There is a requirement in industry for the measurement of conditions such as strain or temperature at all points over long distances. Typical uses are for monitoring oil and gas wells, long cables and pipelines. A typical wellbore has seepage of unwanted contaminants, especially in later stages of the production life of an oil or gas field. Temperature profiles along the wellbore can indicate where there are seepages or other problems and this can enable remedial action. Distributed temperature sensors often use Raman or Brillouin components of scattered light in optical fibres as the means to determine the temperature. Here, light from an optical source is launched into a fibre and the small amount of light that is scattered back towards the source is analysed. By using pulsed light and measuring the returning signal as a function of time, the backscattered light can be correlated to distance along the fibre. This backscattered light contains a component which is elastically scattered (Rayleigh light) and components that are up- and down-shifted in frequency from the source light (Raman and Brillouin anti-Stokes and Stokes light respectively, also known as inelastic scattered light). The powers of the returning Raman components are temperature dependent and so analysis of these components yields the temperature. The powers and frequency of the returning Brillouin components are strain and temperature dependent and so analysis of both components can yield temperature and strain independently.
The principles of analysing Brillouin backscatter for measuring strain and temperature has been described before, and reference is made to:    Parker, T. R., Farhadiroushan, M., Handerek, V. A., and Rogers, A. J., “Temperature and strain dependence of the power level and frequency of spontaneous Brillouin scattering in optical fibres”, Optics Letters, 1 Jun. 1997, Vol. 22, No. 11, pp. 787-789 and to:    Parker, T. R., Farhadiroushan, M., Feced, R., Handerek, V. A., Rogers, A. J., “Simultaneous Distributed Measurement of Strain and Temperature from Noise-Initiated Brillouin Scattering in Optical Fibres”, IEEE Journal of Quantum Electronics, Apr. 1998, Vol. 34, No. 4, pp. 645-659.
If the frequency and power of the Brillouin backscatter can be measured then the strain and temperature in the fibre can be determined.
It is known to install a suitable fibre in a conduit such as a pipe or bore at the time of commissioning, or installing or lining the pipe or bore. There are various known methods of protecting the fibre from damage and for fixing the fibre. Once the pipe or bore is in use, and carrying a fluid, typically pressurised, it is more difficult and costly to add a sensing fibre, or to deploy one temporarily and withdraw it after sensing. It is known to interrupt production from an oil well to perform what is known as a wellbore logging intervention. This can involve lowering logging tools into the wellbore, using gravity pull. When the wellbore angle/deviation become too high, normally above 70 degrees, a so-called “well tractor” can be used to overcome friction. This “tractor” will drive the tools into their desired location.

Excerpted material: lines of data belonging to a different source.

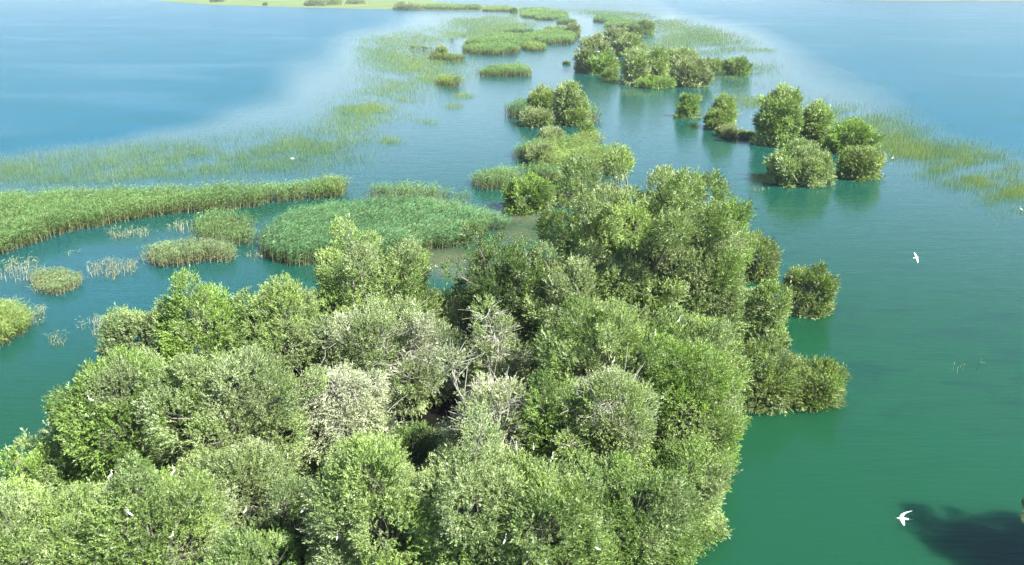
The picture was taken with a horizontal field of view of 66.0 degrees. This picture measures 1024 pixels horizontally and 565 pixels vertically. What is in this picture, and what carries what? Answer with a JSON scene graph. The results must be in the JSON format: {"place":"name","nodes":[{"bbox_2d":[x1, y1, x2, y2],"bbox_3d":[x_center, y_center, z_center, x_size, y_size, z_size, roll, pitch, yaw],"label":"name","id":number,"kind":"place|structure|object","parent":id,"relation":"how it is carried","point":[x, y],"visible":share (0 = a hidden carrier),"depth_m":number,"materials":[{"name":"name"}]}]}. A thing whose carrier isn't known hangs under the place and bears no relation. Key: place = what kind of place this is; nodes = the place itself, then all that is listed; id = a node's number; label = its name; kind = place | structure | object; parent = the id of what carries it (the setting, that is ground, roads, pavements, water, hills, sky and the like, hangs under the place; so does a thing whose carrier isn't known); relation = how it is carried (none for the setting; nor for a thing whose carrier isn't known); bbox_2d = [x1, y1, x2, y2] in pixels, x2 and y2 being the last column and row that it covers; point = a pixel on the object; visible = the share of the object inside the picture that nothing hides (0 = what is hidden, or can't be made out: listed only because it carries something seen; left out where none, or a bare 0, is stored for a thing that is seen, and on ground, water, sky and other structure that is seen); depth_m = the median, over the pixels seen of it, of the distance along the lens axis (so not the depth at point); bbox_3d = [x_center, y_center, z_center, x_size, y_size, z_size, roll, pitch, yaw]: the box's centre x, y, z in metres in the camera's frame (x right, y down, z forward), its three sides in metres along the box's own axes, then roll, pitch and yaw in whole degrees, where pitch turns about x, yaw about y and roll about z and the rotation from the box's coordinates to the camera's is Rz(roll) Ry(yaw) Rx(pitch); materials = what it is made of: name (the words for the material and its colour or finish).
{"place":"outdoors","nodes":[
{"label":"outdoors","id":0,"kind":"place"},
{"bbox_2d":[158,0,519,10],"bbox_3d":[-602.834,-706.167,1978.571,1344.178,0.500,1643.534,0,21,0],"label":"marshland","id":1,"kind":"structure","parent":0,"point":[379,4],"depth_m":1698.89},
{"bbox_2d":[392,1,424,9],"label":"marsh shrub","id":2,"kind":"object","parent":1,"relation":"on","point":[401,5],"visible":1,"depth_m":1244.01,"materials":[{"name":"green plant"}]},
{"bbox_2d":[36,260,732,564],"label":"ground","id":3,"kind":"structure","parent":0,"point":[433,413],"depth_m":68.78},
{"bbox_2d":[0,422,109,529],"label":"willow tree","id":4,"kind":"object","parent":3,"relation":"on","point":[36,465],"visible":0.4,"depth_m":54.53,"materials":[{"name":"green plant"}]},
{"bbox_2d":[0,470,135,564],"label":"willow tree","id":5,"kind":"object","parent":3,"relation":"on","point":[59,519],"visible":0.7,"depth_m":46.12,"materials":[{"name":"green plant"}]},
{"bbox_2d":[40,342,186,513],"bbox_3d":[-27.655,10.291,55.804,10.192,12.223,9.088,0,21,0],"label":"willow tree","id":6,"kind":"object","parent":3,"relation":"on","point":[105,407],"visible":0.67,"depth_m":53.33,"materials":[{"name":"green plant"}]},
{"bbox_2d":[93,302,192,397],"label":"willow tree","id":7,"kind":"object","parent":3,"relation":"on","point":[128,326],"visible":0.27,"depth_m":69.18,"materials":[{"name":"green plant"}]},
{"bbox_2d":[59,450,241,564],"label":"willow tree","id":8,"kind":"object","parent":3,"relation":"on","point":[158,545],"visible":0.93,"depth_m":45.41,"materials":[{"name":"green plant"}]},
{"bbox_2d":[146,265,258,403],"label":"willow tree","id":9,"kind":"object","parent":3,"relation":"on","point":[201,328],"visible":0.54,"depth_m":67.65,"materials":[{"name":"green plant"}]},
{"bbox_2d":[130,341,329,512],"bbox_3d":[-19.639,9.912,56.384,13.606,12.520,10.001,0,21,0],"label":"willow tree","id":10,"kind":"object","parent":3,"relation":"on","point":[266,420],"visible":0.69,"depth_m":54.14,"materials":[{"name":"green plant"}]},
{"bbox_2d":[167,436,300,550],"bbox_3d":[-18.807,13.840,52.880,9.608,7.539,7.352,0,21,0],"label":"willow tree","id":11,"kind":"object","parent":3,"relation":"on","point":[236,461],"visible":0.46,"depth_m":51.64,"materials":[{"name":"green plant"}]},
{"bbox_2d":[196,522,301,564],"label":"willow tree","id":12,"kind":"object","parent":3,"relation":"on","point":[255,551],"visible":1,"depth_m":41.89,"materials":[{"name":"green plant"}]},
{"bbox_2d":[207,270,328,412],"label":"willow tree","id":13,"kind":"object","parent":3,"relation":"on","point":[275,328],"visible":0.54,"depth_m":67.42,"materials":[{"name":"green plant"}]},
{"bbox_2d":[241,472,341,564],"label":"willow tree","id":14,"kind":"object","parent":3,"relation":"on","point":[286,515],"visible":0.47,"depth_m":49.33,"materials":[{"name":"green plant"}]},
{"bbox_2d":[286,361,403,488],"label":"willow tree","id":15,"kind":"object","parent":3,"relation":"on","point":[369,413],"visible":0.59,"depth_m":56.84,"materials":[{"name":"green plant"}]},
{"bbox_2d":[253,213,472,374],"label":"willow tree","id":16,"kind":"object","parent":3,"relation":"on","point":[390,272],"visible":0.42,"depth_m":73.01,"materials":[{"name":"green plant"}]},
{"bbox_2d":[297,428,440,564],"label":"willow tree","id":17,"kind":"object","parent":3,"relation":"on","point":[373,540],"visible":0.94,"depth_m":40.77,"materials":[{"name":"green plant"}]},
{"bbox_2d":[292,288,468,421],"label":"willow tree","id":18,"kind":"object","parent":3,"relation":"on","point":[368,355],"visible":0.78,"depth_m":66.94,"materials":[{"name":"green plant"}]},
{"bbox_2d":[386,419,454,474],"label":"willow tree","id":19,"kind":"object","parent":3,"relation":"on","point":[423,447],"visible":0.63,"depth_m":60.46,"materials":[{"name":"green plant"}]},
{"bbox_2d":[393,398,554,564],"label":"willow tree","id":20,"kind":"object","parent":3,"relation":"on","point":[465,470],"visible":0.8,"depth_m":40.54,"materials":[{"name":"green plant"}]},
{"bbox_2d":[431,339,542,509],"bbox_3d":[-1.352,9.745,55.529,8.698,13.367,8.383,8,22,20],"label":"willow tree","id":21,"kind":"object","parent":3,"relation":"on","point":[493,393],"visible":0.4,"depth_m":54.09,"materials":[{"name":"green plant"}]},
{"bbox_2d":[453,293,534,420],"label":"willow tree","id":22,"kind":"object","parent":3,"relation":"on","point":[486,360],"visible":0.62,"depth_m":65.16,"materials":[{"name":"green plant"}]},
{"bbox_2d":[436,219,556,379],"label":"willow tree","id":23,"kind":"object","parent":3,"relation":"on","point":[519,267],"visible":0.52,"depth_m":72.32,"materials":[{"name":"green plant"}]},
{"bbox_2d":[466,444,625,564],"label":"willow tree","id":24,"kind":"object","parent":3,"relation":"on","point":[560,496],"visible":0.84,"depth_m":40.73,"materials":[{"name":"green plant"}]},
{"bbox_2d":[513,367,596,513],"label":"willow tree","id":25,"kind":"object","parent":3,"relation":"on","point":[532,410],"visible":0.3,"depth_m":53.99,"materials":[{"name":"green plant"}]},
{"bbox_2d":[551,190,603,277],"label":"willow tree","id":26,"kind":"object","parent":3,"relation":"on","point":[573,222],"visible":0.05,"depth_m":94.54,"materials":[{"name":"green plant"}]},
{"bbox_2d":[499,239,656,384],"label":"willow tree","id":27,"kind":"object","parent":3,"relation":"on","point":[546,310],"visible":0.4,"depth_m":71.11,"materials":[{"name":"green plant"}]},
{"bbox_2d":[531,347,663,509],"bbox_3d":[5.843,10.487,54.346,8.729,12.788,7.504,5,21,12],"label":"willow tree","id":28,"kind":"object","parent":3,"relation":"on","point":[607,437],"visible":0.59,"depth_m":52.56,"materials":[{"name":"green plant"}]},
{"bbox_2d":[528,292,667,469],"bbox_3d":[6.707,7.394,61.033,11.243,14.064,10.547,0,21,0],"label":"willow tree","id":29,"kind":"object","parent":3,"relation":"on","point":[578,355],"visible":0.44,"depth_m":58.91,"materials":[{"name":"green plant"}]},
{"bbox_2d":[532,140,733,361],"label":"willow tree","id":30,"kind":"object","parent":3,"relation":"on","point":[621,230],"visible":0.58,"depth_m":72.50,"materials":[{"name":"green plant"}]},
{"bbox_2d":[561,448,704,564],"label":"willow tree","id":31,"kind":"object","parent":3,"relation":"on","point":[673,501],"visible":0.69,"depth_m":44.35,"materials":[{"name":"green plant"}]},
{"bbox_2d":[620,224,746,351],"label":"willow tree","id":32,"kind":"object","parent":3,"relation":"on","point":[699,298],"visible":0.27,"depth_m":72.52,"materials":[{"name":"green plant"}]},
{"bbox_2d":[636,431,742,557],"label":"willow tree","id":33,"kind":"object","parent":3,"relation":"on","point":[701,478],"visible":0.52,"depth_m":51.94,"materials":[{"name":"green plant"}]},
{"bbox_2d":[636,329,752,477],"bbox_3d":[13.385,9.098,59.154,9.022,12.071,8.481,9,22,23],"label":"willow tree","id":34,"kind":"object","parent":3,"relation":"on","point":[717,405],"visible":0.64,"depth_m":57.26,"materials":[{"name":"green plant"}]},
{"bbox_2d":[641,301,756,447],"bbox_3d":[14.252,7.325,63.871,10.627,12.114,9.074,0,21,0],"label":"willow tree","id":35,"kind":"object","parent":3,"relation":"on","point":[692,328],"visible":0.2,"depth_m":62.17,"materials":[{"name":"green plant"}]},
{"bbox_2d":[667,218,749,372],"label":"willow tree","id":36,"kind":"object","parent":3,"relation":"on","point":[731,308],"visible":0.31,"depth_m":72.64,"materials":[{"name":"green plant"}]},
{"bbox_2d":[695,188,760,304],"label":"willow tree","id":37,"kind":"object","parent":3,"relation":"on","point":[740,217],"visible":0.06,"depth_m":89.46,"materials":[{"name":"green plant"}]},
{"bbox_2d":[733,326,804,415],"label":"willow tree","id":38,"kind":"object","parent":3,"relation":"on","point":[765,386],"visible":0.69,"depth_m":68.88,"materials":[{"name":"green plant"}]},
{"bbox_2d":[0,0,1023,564],"bbox_3d":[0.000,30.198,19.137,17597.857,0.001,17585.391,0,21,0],"label":"lake water","id":39,"kind":"structure","parent":0,"point":[922,430],"depth_m":156.53,"materials":[{"name":"liquid"}]},
{"bbox_2d":[0,296,41,346],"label":"reed bed","id":40,"kind":"object","parent":39,"relation":"on","point":[8,319],"visible":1,"depth_m":84.99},
{"bbox_2d":[0,254,48,281],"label":"reed tuft","id":41,"kind":"object","parent":39,"relation":"on","point":[17,268],"visible":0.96,"depth_m":101.99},
{"bbox_2d":[26,265,89,296],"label":"reed bed","id":42,"kind":"object","parent":39,"relation":"on","point":[52,278],"visible":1,"depth_m":97.88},
{"bbox_2d":[86,256,138,278],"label":"reed tuft","id":43,"kind":"object","parent":39,"relation":"on","point":[116,265],"visible":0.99,"depth_m":103.49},
{"bbox_2d":[0,175,354,253],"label":"reed bed","id":44,"kind":"object","parent":39,"relation":"on","point":[31,217],"visible":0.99,"depth_m":128.56,"materials":[{"name":"plant"}]},
{"bbox_2d":[136,234,239,266],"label":"reed bed","id":45,"kind":"object","parent":39,"relation":"on","point":[162,254],"visible":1,"depth_m":106.89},
{"bbox_2d":[0,117,416,193],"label":"flooded rushes","id":46,"kind":"object","parent":39,"relation":"on","point":[156,169],"visible":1,"depth_m":167.22,"materials":[{"name":"plant"}]},
{"bbox_2d":[189,204,260,249],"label":"reed bed","id":47,"kind":"object","parent":39,"relation":"on","point":[232,224],"visible":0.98,"depth_m":117.65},
{"bbox_2d":[308,173,359,198],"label":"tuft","id":48,"kind":"object","parent":39,"relation":"on","point":[338,189],"visible":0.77,"depth_m":140.25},
{"bbox_2d":[254,192,513,265],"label":"reed bed","id":49,"kind":"object","parent":39,"relation":"on","point":[289,237],"visible":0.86,"depth_m":115.25,"materials":[{"name":"plant"}]},
{"bbox_2d":[257,11,548,162],"bbox_3d":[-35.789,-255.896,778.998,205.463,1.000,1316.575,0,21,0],"label":"flooded rushes","id":50,"kind":"object","parent":39,"relation":"on","point":[483,30],"visible":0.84,"depth_m":348.50,"materials":[{"name":"plant"}]},
{"bbox_2d":[366,178,478,203],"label":"reed bed","id":51,"kind":"object","parent":39,"relation":"on","point":[430,190],"visible":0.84,"depth_m":137.00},
{"bbox_2d":[427,50,466,60],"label":"reed bed","id":52,"kind":"object","parent":39,"relation":"on","point":[452,57],"visible":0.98,"depth_m":398.96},
{"bbox_2d":[434,73,463,86],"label":"reed bed","id":53,"kind":"object","parent":39,"relation":"on","point":[444,80],"visible":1,"depth_m":296.37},
{"bbox_2d":[424,2,481,9],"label":"reed bed","id":54,"kind":"object","parent":39,"relation":"on","point":[451,6],"visible":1,"depth_m":1250.18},
{"bbox_2d":[461,39,520,54],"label":"reed bed","id":55,"kind":"object","parent":39,"relation":"on","point":[488,47],"visible":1,"depth_m":439.11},
{"bbox_2d":[468,164,522,191],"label":"reed bed","id":56,"kind":"object","parent":39,"relation":"on","point":[501,175],"visible":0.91,"depth_m":147.11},
{"bbox_2d":[481,4,512,11],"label":"reed bed","id":57,"kind":"object","parent":39,"relation":"on","point":[498,8],"visible":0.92,"depth_m":1176.20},
{"bbox_2d":[464,30,536,46],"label":"reed bed","id":58,"kind":"object","parent":39,"relation":"on","point":[508,37],"visible":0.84,"depth_m":501.36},
{"bbox_2d":[476,60,534,75],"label":"reed bed","id":59,"kind":"object","parent":39,"relation":"on","point":[518,68],"visible":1,"depth_m":330.56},
{"bbox_2d":[502,93,532,118],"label":"reed bed","id":60,"kind":"object","parent":39,"relation":"on","point":[514,108],"visible":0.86,"depth_m":225.49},
{"bbox_2d":[511,137,544,158],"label":"reed bed","id":61,"kind":"object","parent":39,"relation":"on","point":[521,151],"visible":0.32,"depth_m":172.76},
{"bbox_2d":[500,168,558,215],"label":"willow bush","id":62,"kind":"object","parent":39,"relation":"on","point":[516,199],"visible":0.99,"depth_m":129.14,"materials":[{"name":"green plant"}]},
{"bbox_2d":[521,41,546,50],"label":"reed bed","id":63,"kind":"object","parent":39,"relation":"on","point":[534,46],"visible":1,"depth_m":462.61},
{"bbox_2d":[518,105,556,127],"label":"willow bush","id":64,"kind":"object","parent":39,"relation":"on","point":[531,117],"visible":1,"depth_m":208.90,"materials":[{"name":"green plant"}]},
{"bbox_2d":[522,82,555,113],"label":"willow bush","id":65,"kind":"object","parent":39,"relation":"on","point":[541,96],"visible":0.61,"depth_m":226.45,"materials":[{"name":"green plant"}]},
{"bbox_2d":[524,139,559,166],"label":"willow bush","id":66,"kind":"object","parent":39,"relation":"on","point":[531,154],"visible":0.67,"depth_m":162.42,"materials":[{"name":"green plant"}]},
{"bbox_2d":[519,7,567,18],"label":"reed bed","id":67,"kind":"object","parent":39,"relation":"on","point":[531,12],"visible":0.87,"depth_m":991.08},
{"bbox_2d":[536,126,565,142],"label":"willow bush","id":68,"kind":"object","parent":39,"relation":"on","point":[543,132],"visible":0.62,"depth_m":187.18,"materials":[{"name":"green plant"}]},
{"bbox_2d":[526,28,578,43],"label":"reed bed","id":69,"kind":"object","parent":39,"relation":"on","point":[553,35],"visible":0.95,"depth_m":527.98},
{"bbox_2d":[514,159,609,184],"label":"reed bed","id":70,"kind":"object","parent":39,"relation":"on","point":[545,171],"visible":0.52,"depth_m":150.83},
{"bbox_2d":[521,132,614,172],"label":"reed bed","id":71,"kind":"object","parent":39,"relation":"on","point":[579,146],"visible":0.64,"depth_m":163.66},
{"bbox_2d":[550,79,591,125],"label":"willow bush","id":72,"kind":"object","parent":39,"relation":"on","point":[566,91],"visible":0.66,"depth_m":210.49,"materials":[{"name":"green plant"}]},
{"bbox_2d":[552,169,589,208],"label":"willow bush","id":73,"kind":"object","parent":39,"relation":"on","point":[566,198],"visible":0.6,"depth_m":133.53,"materials":[{"name":"green plant"}]},
{"bbox_2d":[555,104,592,126],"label":"willow bush","id":74,"kind":"object","parent":39,"relation":"on","point":[582,115],"visible":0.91,"depth_m":209.56,"materials":[{"name":"green plant"}]},
{"bbox_2d":[577,120,596,139],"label":"willow bush","id":75,"kind":"object","parent":39,"relation":"on","point":[587,124],"visible":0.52,"depth_m":190.89,"materials":[{"name":"green plant"}]},
{"bbox_2d":[573,126,607,144],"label":"reed bed","id":76,"kind":"object","parent":39,"relation":"on","point":[595,136],"visible":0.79,"depth_m":187.37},
{"bbox_2d":[572,30,614,72],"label":"willow tree","id":77,"kind":"object","parent":39,"relation":"on","point":[585,53],"visible":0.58,"depth_m":338.75,"materials":[{"name":"green plant"}]},
{"bbox_2d":[584,49,620,74],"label":"willow tree","id":78,"kind":"object","parent":39,"relation":"on","point":[599,62],"visible":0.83,"depth_m":332.84,"materials":[{"name":"green plant"}]},
{"bbox_2d":[593,12,623,22],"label":"reed bed","id":79,"kind":"object","parent":39,"relation":"on","point":[601,17],"visible":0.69,"depth_m":829.24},
{"bbox_2d":[600,66,619,80],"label":"willow bush","id":80,"kind":"object","parent":39,"relation":"on","point":[610,73],"visible":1,"depth_m":313.04,"materials":[{"name":"green plant"}]},
{"bbox_2d":[602,23,627,49],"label":"willow tree","id":81,"kind":"object","parent":39,"relation":"on","point":[612,34],"visible":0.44,"depth_m":460.81,"materials":[{"name":"green plant"}]},
{"bbox_2d":[603,17,636,26],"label":"reed bed","id":82,"kind":"object","parent":39,"relation":"on","point":[620,22],"visible":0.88,"depth_m":730.88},
{"bbox_2d":[613,31,648,56],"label":"willow tree","id":83,"kind":"object","parent":39,"relation":"on","point":[625,40],"visible":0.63,"depth_m":419.04,"materials":[{"name":"green plant"}]},
{"bbox_2d":[622,23,644,36],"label":"willow tree","id":84,"kind":"object","parent":39,"relation":"on","point":[634,27],"visible":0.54,"depth_m":564.50,"materials":[{"name":"green plant"}]},
{"bbox_2d":[618,45,651,84],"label":"willow tree","id":85,"kind":"object","parent":39,"relation":"on","point":[635,66],"visible":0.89,"depth_m":298.24,"materials":[{"name":"green plant"}]},
{"bbox_2d":[635,18,655,33],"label":"willow tree","id":86,"kind":"object","parent":39,"relation":"on","point":[648,27],"visible":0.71,"depth_m":614.84,"materials":[{"name":"green plant"}]},
{"bbox_2d":[634,74,676,88],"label":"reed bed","id":87,"kind":"object","parent":39,"relation":"on","point":[652,81],"visible":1,"depth_m":288.08,"materials":[{"name":"green plant"}]},
{"bbox_2d":[646,43,671,78],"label":"willow tree","id":88,"kind":"object","parent":39,"relation":"on","point":[658,59],"visible":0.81,"depth_m":313.45,"materials":[{"name":"green plant"}]},
{"bbox_2d":[666,46,701,75],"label":"willow tree","id":89,"kind":"object","parent":39,"relation":"on","point":[677,54],"visible":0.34,"depth_m":326.33,"materials":[{"name":"green plant"}]},
{"bbox_2d":[672,92,702,118],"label":"willow bush","id":90,"kind":"object","parent":39,"relation":"on","point":[687,104],"visible":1,"depth_m":222.89,"materials":[{"name":"green plant"}]},
{"bbox_2d":[668,53,716,87],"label":"willow tree","id":91,"kind":"object","parent":39,"relation":"on","point":[694,70],"visible":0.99,"depth_m":291.51,"materials":[{"name":"green plant"}]},
{"bbox_2d":[703,56,723,71],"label":"willow bush","id":92,"kind":"object","parent":39,"relation":"on","point":[715,64],"visible":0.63,"depth_m":342.35,"materials":[{"name":"green plant"}]},
{"bbox_2d":[702,106,729,129],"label":"willow bush","id":93,"kind":"object","parent":39,"relation":"on","point":[710,121],"visible":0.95,"depth_m":203.63,"materials":[{"name":"green plant"}]},
{"bbox_2d":[707,91,740,127],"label":"willow bush","id":94,"kind":"object","parent":39,"relation":"on","point":[723,101],"visible":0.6,"depth_m":204.36,"materials":[{"name":"green plant"}]},
{"bbox_2d":[714,123,742,136],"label":"willow bush","id":95,"kind":"object","parent":39,"relation":"on","point":[727,130],"visible":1,"depth_m":195.14,"materials":[{"name":"green plant"}]},
{"bbox_2d":[720,55,756,76],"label":"willow bush","id":96,"kind":"object","parent":39,"relation":"on","point":[739,65],"visible":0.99,"depth_m":326.61,"materials":[{"name":"green plant"}]},
{"bbox_2d":[734,227,783,283],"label":"willow tree","id":97,"kind":"object","parent":39,"relation":"on","point":[766,270],"visible":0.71,"depth_m":99.21,"materials":[{"name":"green plant"}]},
{"bbox_2d":[735,278,798,355],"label":"willow tree","id":98,"kind":"object","parent":39,"relation":"on","point":[770,309],"visible":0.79,"depth_m":79.33,"materials":[{"name":"green plant"}]},
{"bbox_2d":[746,81,805,147],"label":"willow bush","id":99,"kind":"object","parent":39,"relation":"on","point":[777,118],"visible":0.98,"depth_m":182.36,"materials":[{"name":"green plant"}]},
{"bbox_2d":[558,7,1023,221],"bbox_3d":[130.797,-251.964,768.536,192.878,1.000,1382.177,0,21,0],"label":"flooded rushes","id":100,"kind":"object","parent":39,"relation":"on","point":[894,140],"visible":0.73,"depth_m":189.68,"materials":[{"name":"plant"}]},
{"bbox_2d":[762,136,836,187],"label":"willow bush","id":101,"kind":"object","parent":39,"relation":"on","point":[796,161],"visible":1,"depth_m":146.65,"materials":[{"name":"green plant"}]},
{"bbox_2d":[777,258,840,319],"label":"willow bush","id":102,"kind":"object","parent":39,"relation":"on","point":[808,289],"visible":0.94,"depth_m":88.92,"materials":[{"name":"green plant"}]},
{"bbox_2d":[775,352,852,413],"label":"willow tree","id":103,"kind":"object","parent":39,"relation":"on","point":[828,389],"visible":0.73,"depth_m":69.60,"materials":[{"name":"green plant"}]},
{"bbox_2d":[798,97,837,144],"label":"willow bush","id":104,"kind":"object","parent":39,"relation":"on","point":[819,117],"visible":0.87,"depth_m":184.76,"materials":[{"name":"green plant"}]},
{"bbox_2d":[821,116,886,153],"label":"willow bush","id":105,"kind":"object","parent":39,"relation":"on","point":[855,131],"visible":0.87,"depth_m":175.26,"materials":[{"name":"green plant"}]},
{"bbox_2d":[833,143,889,181],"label":"willow bush","id":106,"kind":"object","parent":39,"relation":"on","point":[862,163],"visible":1,"depth_m":151.62,"materials":[{"name":"green plant"}]},
{"bbox_2d":[874,0,1023,0],"bbox_3d":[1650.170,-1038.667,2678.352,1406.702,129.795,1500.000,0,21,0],"label":"hillside","id":107,"kind":"structure","parent":0,"point":[948,0],"depth_m":2004.60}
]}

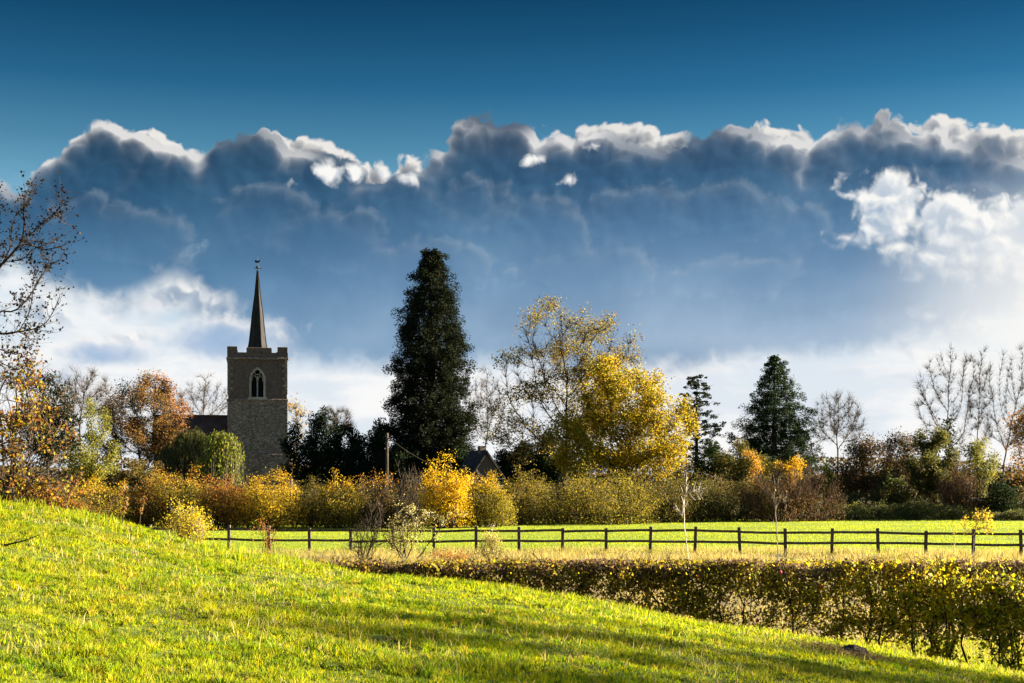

Another known method involves using coiled tubing, where the logging tools are brought to their desired location by pushing the coiled tubing from surface. A problem with coiled tubing is that it is subjected to buckling due to the nature of the coil being bent on a spool when deployed, even though straightening mechanism are used on the coil before this enters the wellbore. This can prevent the coiled tubing from reaching more than several hundred meters. This is not far enough into the wellbore for many applications.
Both these methods (“tractor” and coiled tubing) are expensive in terms of requiring a considerable number of personnel to operate, and in the case of coiled tubing, the surface systems are large and it can take a long time to rig up on the wellhead.
Also, to perform an intervention in a well using above methods, there is a need for vertical headroom above the wellhead. This may need to be 5 meters or more. In some locations, especially on offshore platforms, such vertical rig-up space is not available due to a deck or similar structure above.
It is known from U.S. Pat. No. 6,557,249 to Pruett that a process of inserting a fibre includes a step of strengthening an optical fibre by adding a UV curable resin around the fibre, to enable the fibre to resist higher temperatures in environments such as underground wellbores and to give it some stiffness. The strengthened fibre is passed through an impeller using wheels or a caterpillar track which pushes the fibre into a duct, optionally through a pressure chamber. The strengthened fibre is flexible enough to be bent round a 12 inch radius, and so could be liable to buckle if inserted into a large diameter pipe. The patent proposes insertion into a pre installed quarter inch capillary tube. This capillary tube would be pre installed within the wellbore, but this involves a separate process which adds considerable cost and complexity.
It is also known to insert fibres into conduits by fluid flow along the conduit. This clearly is not practical if the normal flow is against the direction of insertion. In some cases a separate narrower duct could be inserted into the conduit and the fibre floated into the duct, but this adds to the complexity and expense of the operation.